• [REQUIREMENT]: Exclude the pictures and reproduce the remaining data exactly as written.

• [RECORD EXCERPTS]:
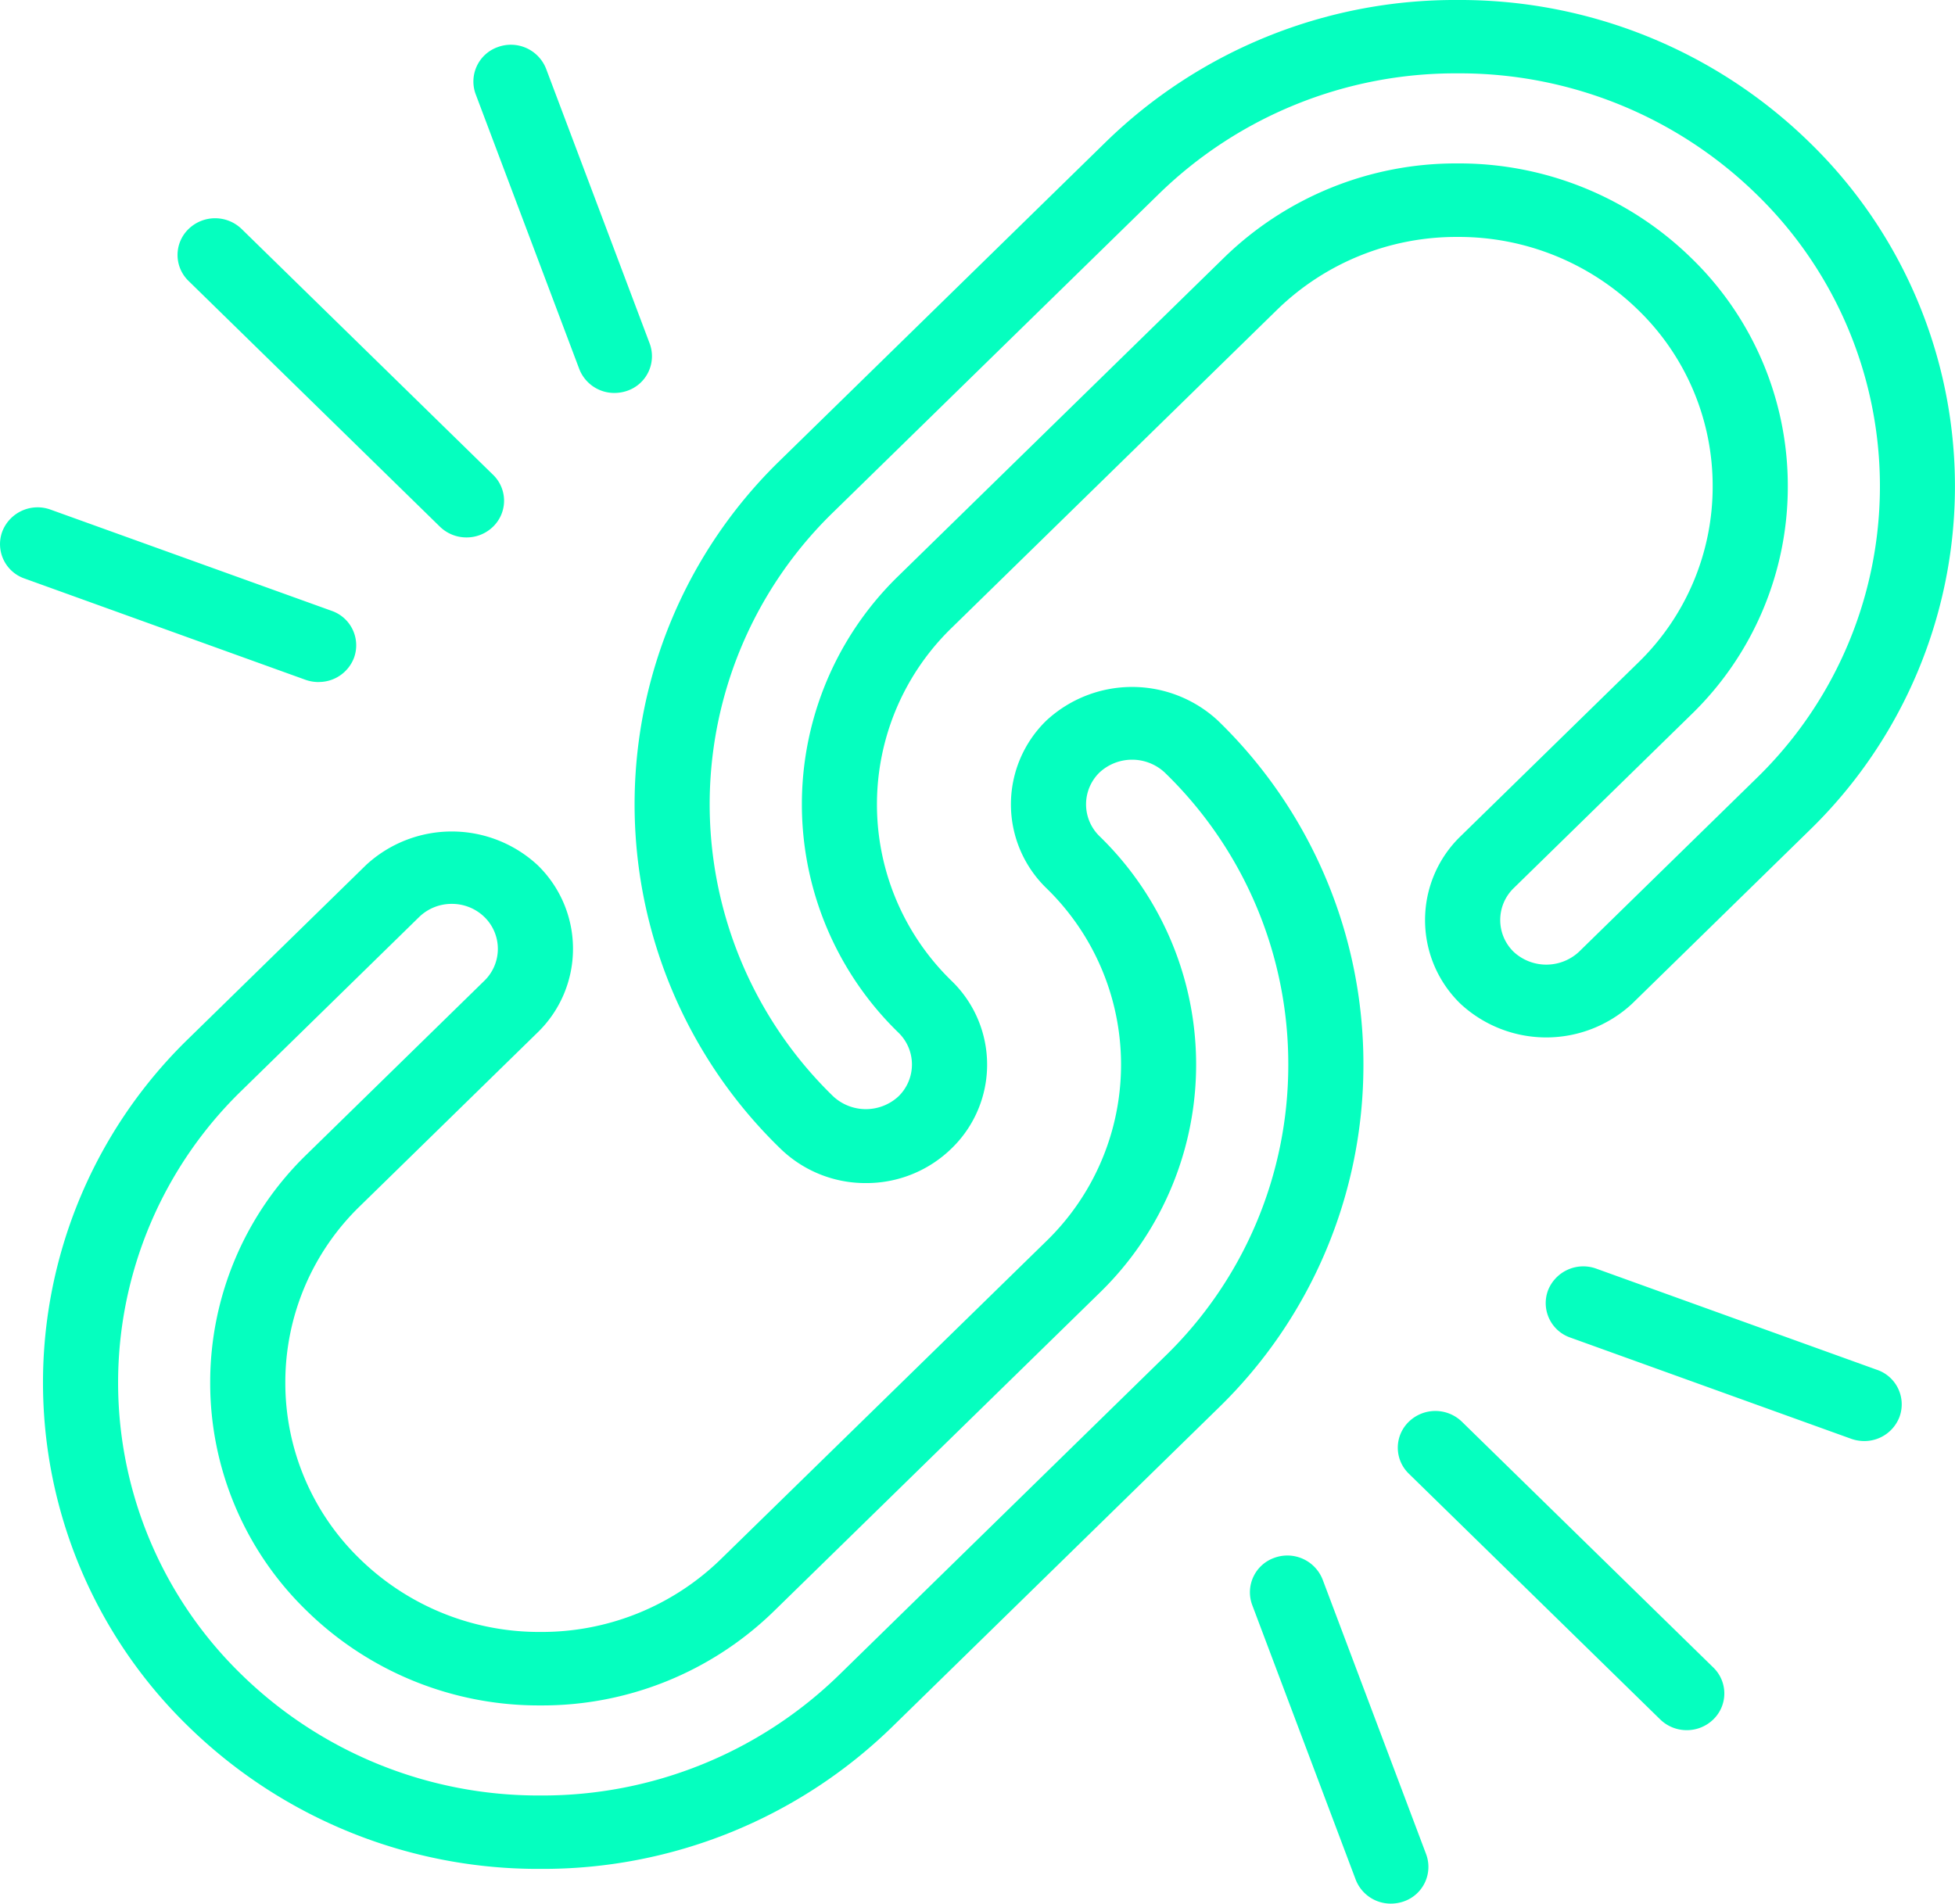 <svg xmlns="http://www.w3.org/2000/svg" xmlns:xlink="http://www.w3.org/1999/xlink" width="96.768" height="94.233" viewBox="0 0 96.768 94.233">
  <defs>
    <clipPath id="clip-path">
      <path id="Pfad_156" data-name="Pfad 156" d="M0-71.125H96.768v-94.233H0Z" transform="translate(0 165.358)" fill="none"/>
    </clipPath>
  </defs>
  <g id="Gruppe_197" data-name="Gruppe 197" clip-path="url(#clip-path)">
    <g id="Gruppe_196" data-name="Gruppe 196" transform="translate(0 0)">
      <path id="Pfad_155" data-name="Pfad 155" d="M-29.146-42.907A6.034,6.034,0,0,0-24.9-41.189a6.027,6.027,0,0,0,4.241-1.718,5.765,5.765,0,0,0,1.757-4.15A5.763,5.763,0,0,0-20.662-51.2a12.176,12.176,0,0,1,0-17.469L-4.554-84.415a12.7,12.7,0,0,1,8.936-3.61,12.7,12.7,0,0,1,8.936,3.61,12.122,12.122,0,0,1,3.693,8.733,12.137,12.137,0,0,1-3.693,8.737L4.532-58.357a5.766,5.766,0,0,0-1.757,4.15,5.763,5.763,0,0,0,1.757,4.146,6.245,6.245,0,0,0,8.484,0L21.8-58.649a23.735,23.735,0,0,0,0-34.062,24.747,24.747,0,0,0-17.42-7.043,24.748,24.748,0,0,0-17.422,7.043L-29.146-76.967a23.729,23.729,0,0,0,0,34.06M-26.517-74.4-10.41-90.144A21.022,21.022,0,0,1,4.383-96.123a21.021,21.021,0,0,1,14.791,5.979,20.154,20.154,0,0,1,0,28.922l-8.785,8.588a2.376,2.376,0,0,1-3.226,0,2.192,2.192,0,0,1-.667-1.576,2.194,2.194,0,0,1,.667-1.58l8.785-8.588a15.7,15.7,0,0,0,4.782-11.307,15.692,15.692,0,0,0-4.782-11.3A16.433,16.433,0,0,0,4.381-91.664,16.441,16.441,0,0,0-7.184-86.989L-23.291-71.245a15.757,15.757,0,0,0,0,22.609,2.191,2.191,0,0,1,.668,1.576,2.2,2.2,0,0,1-.668,1.58,2.377,2.377,0,0,1-3.226,0,20.148,20.148,0,0,1,0-28.92M-7.483-64.087a6.246,6.246,0,0,0-8.484,0,5.781,5.781,0,0,0,0,8.3,12.173,12.173,0,0,1,0,17.469L-32.075-22.579a12.694,12.694,0,0,1-8.936,3.61,12.7,12.7,0,0,1-8.934-3.61,12.127,12.127,0,0,1-3.694-8.733,12.138,12.138,0,0,1,3.694-8.737l8.786-8.588A5.764,5.764,0,0,0-39.4-52.784a5.764,5.764,0,0,0-1.757-4.149,6.251,6.251,0,0,0-8.486,0l-8.787,8.591a23.73,23.73,0,0,0,0,34.059A24.769,24.769,0,0,0-41.01-7.24a24.768,24.768,0,0,0,17.422-7.043L-7.483-30.027A23.656,23.656,0,0,0-.276-47.057,23.657,23.657,0,0,0-7.483-64.087M-10.112-32.6-26.218-16.852A21.027,21.027,0,0,1-41.01-10.874,21.028,21.028,0,0,1-55.8-16.852a20.149,20.149,0,0,1,0-28.918l8.787-8.592A2.3,2.3,0,0,1-45.4-55.01a2.3,2.3,0,0,1,1.614.649,2.2,2.2,0,0,1,0,3.155l-8.785,8.588A15.71,15.71,0,0,0-57.358-31.31a15.7,15.7,0,0,0,4.784,11.3A16.415,16.415,0,0,0-41.01-15.332a16.421,16.421,0,0,0,11.565-4.675l16.107-15.744a15.753,15.753,0,0,0,0-22.609,2.2,2.2,0,0,1,0-3.155,2.372,2.372,0,0,1,3.225,0A20.078,20.078,0,0,1-3.995-47.053,20.075,20.075,0,0,1-10.112-32.6M4.6-29.375a1.887,1.887,0,0,0-2.629,0,1.787,1.787,0,0,0,0,2.57L14.414-14.639a1.876,1.876,0,0,0,1.315.532,1.875,1.875,0,0,0,1.314-.532,1.787,1.787,0,0,0,0-2.57Zm-6.894,7.814A1.875,1.875,0,0,0-4.681-22.64a1.808,1.808,0,0,0-1.1,2.335l5.124,13.6A1.858,1.858,0,0,0,1.085-5.521a1.941,1.941,0,0,0,.643-.111,1.808,1.808,0,0,0,1.1-2.336Zm27.451-10.38L11.248-36.954A1.877,1.877,0,0,0,8.86-35.875a1.805,1.805,0,0,0,1.1,2.332l13.909,5.013a1.944,1.944,0,0,0,.643.111,1.858,1.858,0,0,0,1.744-1.189,1.806,1.806,0,0,0-1.1-2.334M-45.987-73.682a1.877,1.877,0,0,0,1.315.532,1.875,1.875,0,0,0,1.315-.532,1.787,1.787,0,0,0,0-2.57L-55.8-88.417a1.887,1.887,0,0,0-2.629,0,1.787,1.787,0,0,0,0,2.57Zm-6,7.688a1.858,1.858,0,0,0,1.744-1.189,1.805,1.805,0,0,0-1.1-2.332L-65.26-74.527a1.874,1.874,0,0,0-2.387,1.079,1.8,1.8,0,0,0,1.1,2.332L-52.634-66.1a1.944,1.944,0,0,0,.643.109m12.9-15.5a1.858,1.858,0,0,0,1.744,1.189,1.959,1.959,0,0,0,.643-.111,1.809,1.809,0,0,0,1.1-2.336l-5.127-13.6a1.872,1.872,0,0,0-2.387-1.076,1.807,1.807,0,0,0-1.1,2.332Z" transform="translate(67.762 99.754)" fill="#05ffbf"/>
    </g>
  </g>
</svg>

• [FINISHED TASK]:
 <svg xmlns="http://www.w3.org/2000/svg" xmlns:xlink="http://www.w3.org/1999/xlink" width="96.768" height="94.233" viewBox="0 0 96.768 94.233">
  <defs>
    <clipPath id="clip-path">
      <path id="Pfad_156" data-name="Pfad 156" d="M0-71.125H96.768v-94.233H0Z" transform="translate(0 165.358)" fill="none"/>
    </clipPath>
  </defs>
  <g id="Gruppe_197" data-name="Gruppe 197" clip-path="url(#clip-path)">
    <g id="Gruppe_196" data-name="Gruppe 196" transform="translate(0 0)">
      <path id="Pfad_155" data-name="Pfad 155" d="M-29.146-42.907A6.034,6.034,0,0,0-24.9-41.189a6.027,6.027,0,0,0,4.241-1.718,5.765,5.765,0,0,0,1.757-4.15A5.763,5.763,0,0,0-20.662-51.2a12.176,12.176,0,0,1,0-17.469L-4.554-84.415a12.7,12.7,0,0,1,8.936-3.61,12.7,12.7,0,0,1,8.936,3.61,12.122,12.122,0,0,1,3.693,8.733,12.137,12.137,0,0,1-3.693,8.737L4.532-58.357a5.766,5.766,0,0,0-1.757,4.15,5.763,5.763,0,0,0,1.757,4.146,6.245,6.245,0,0,0,8.484,0L21.8-58.649a23.735,23.735,0,0,0,0-34.062,24.747,24.747,0,0,0-17.42-7.043,24.748,24.748,0,0,0-17.422,7.043L-29.146-76.967a23.729,23.729,0,0,0,0,34.06M-26.517-74.4-10.41-90.144A21.022,21.022,0,0,1,4.383-96.123a21.021,21.021,0,0,1,14.791,5.979,20.154,20.154,0,0,1,0,28.922l-8.785,8.588a2.376,2.376,0,0,1-3.226,0,2.192,2.192,0,0,1-.667-1.576,2.194,2.194,0,0,1,.667-1.58l8.785-8.588a15.7,15.7,0,0,0,4.782-11.307,15.692,15.692,0,0,0-4.782-11.3A16.433,16.433,0,0,0,4.381-91.664,16.441,16.441,0,0,0-7.184-86.989L-23.291-71.245a15.757,15.757,0,0,0,0,22.609,2.191,2.191,0,0,1,.668,1.576,2.2,2.2,0,0,1-.668,1.58,2.377,2.377,0,0,1-3.226,0,20.148,20.148,0,0,1,0-28.92M-7.483-64.087a6.246,6.246,0,0,0-8.484,0,5.781,5.781,0,0,0,0,8.3,12.173,12.173,0,0,1,0,17.469L-32.075-22.579a12.694,12.694,0,0,1-8.936,3.61,12.7,12.7,0,0,1-8.934-3.61,12.127,12.127,0,0,1-3.694-8.733,12.138,12.138,0,0,1,3.694-8.737l8.786-8.588A5.764,5.764,0,0,0-39.4-52.784a5.764,5.764,0,0,0-1.757-4.149,6.251,6.251,0,0,0-8.486,0l-8.787,8.591a23.73,23.73,0,0,0,0,34.059A24.769,24.769,0,0,0-41.01-7.24a24.768,24.768,0,0,0,17.422-7.043L-7.483-30.027A23.656,23.656,0,0,0-.276-47.057,23.657,23.657,0,0,0-7.483-64.087M-10.112-32.6-26.218-16.852A21.027,21.027,0,0,1-41.01-10.874,21.028,21.028,0,0,1-55.8-16.852a20.149,20.149,0,0,1,0-28.918l8.787-8.592A2.3,2.3,0,0,1-45.4-55.01a2.3,2.3,0,0,1,1.614.649,2.2,2.2,0,0,1,0,3.155l-8.785,8.588A15.71,15.71,0,0,0-57.358-31.31a15.7,15.7,0,0,0,4.784,11.3A16.415,16.415,0,0,0-41.01-15.332a16.421,16.421,0,0,0,11.565-4.675l16.107-15.744a15.753,15.753,0,0,0,0-22.609,2.2,2.2,0,0,1,0-3.155,2.372,2.372,0,0,1,3.225,0A20.078,20.078,0,0,1-3.995-47.053,20.075,20.075,0,0,1-10.112-32.6M4.6-29.375a1.887,1.887,0,0,0-2.629,0,1.787,1.787,0,0,0,0,2.57L14.414-14.639a1.876,1.876,0,0,0,1.315.532,1.875,1.875,0,0,0,1.314-.532,1.787,1.787,0,0,0,0-2.57Zm-6.894,7.814A1.875,1.875,0,0,0-4.681-22.64a1.808,1.808,0,0,0-1.1,2.335l5.124,13.6A1.858,1.858,0,0,0,1.085-5.521a1.941,1.941,0,0,0,.643-.111,1.808,1.808,0,0,0,1.1-2.336Zm27.451-10.38L11.248-36.954A1.877,1.877,0,0,0,8.86-35.875a1.805,1.805,0,0,0,1.1,2.332l13.909,5.013a1.944,1.944,0,0,0,.643.111,1.858,1.858,0,0,0,1.744-1.189,1.806,1.806,0,0,0-1.1-2.334M-45.987-73.682a1.877,1.877,0,0,0,1.315.532,1.875,1.875,0,0,0,1.315-.532,1.787,1.787,0,0,0,0-2.57L-55.8-88.417a1.887,1.887,0,0,0-2.629,0,1.787,1.787,0,0,0,0,2.57Zm-6,7.688a1.858,1.858,0,0,0,1.744-1.189,1.805,1.805,0,0,0-1.1-2.332L-65.26-74.527a1.874,1.874,0,0,0-2.387,1.079,1.8,1.8,0,0,0,1.1,2.332L-52.634-66.1a1.944,1.944,0,0,0,.643.109m12.9-15.5a1.858,1.858,0,0,0,1.744,1.189,1.959,1.959,0,0,0,.643-.111,1.809,1.809,0,0,0,1.1-2.336l-5.127-13.6a1.872,1.872,0,0,0-2.387-1.076,1.807,1.807,0,0,0-1.1,2.332Z" transform="translate(67.762 99.754)" fill="#05ffbf"/>
    </g>
  </g>
</svg>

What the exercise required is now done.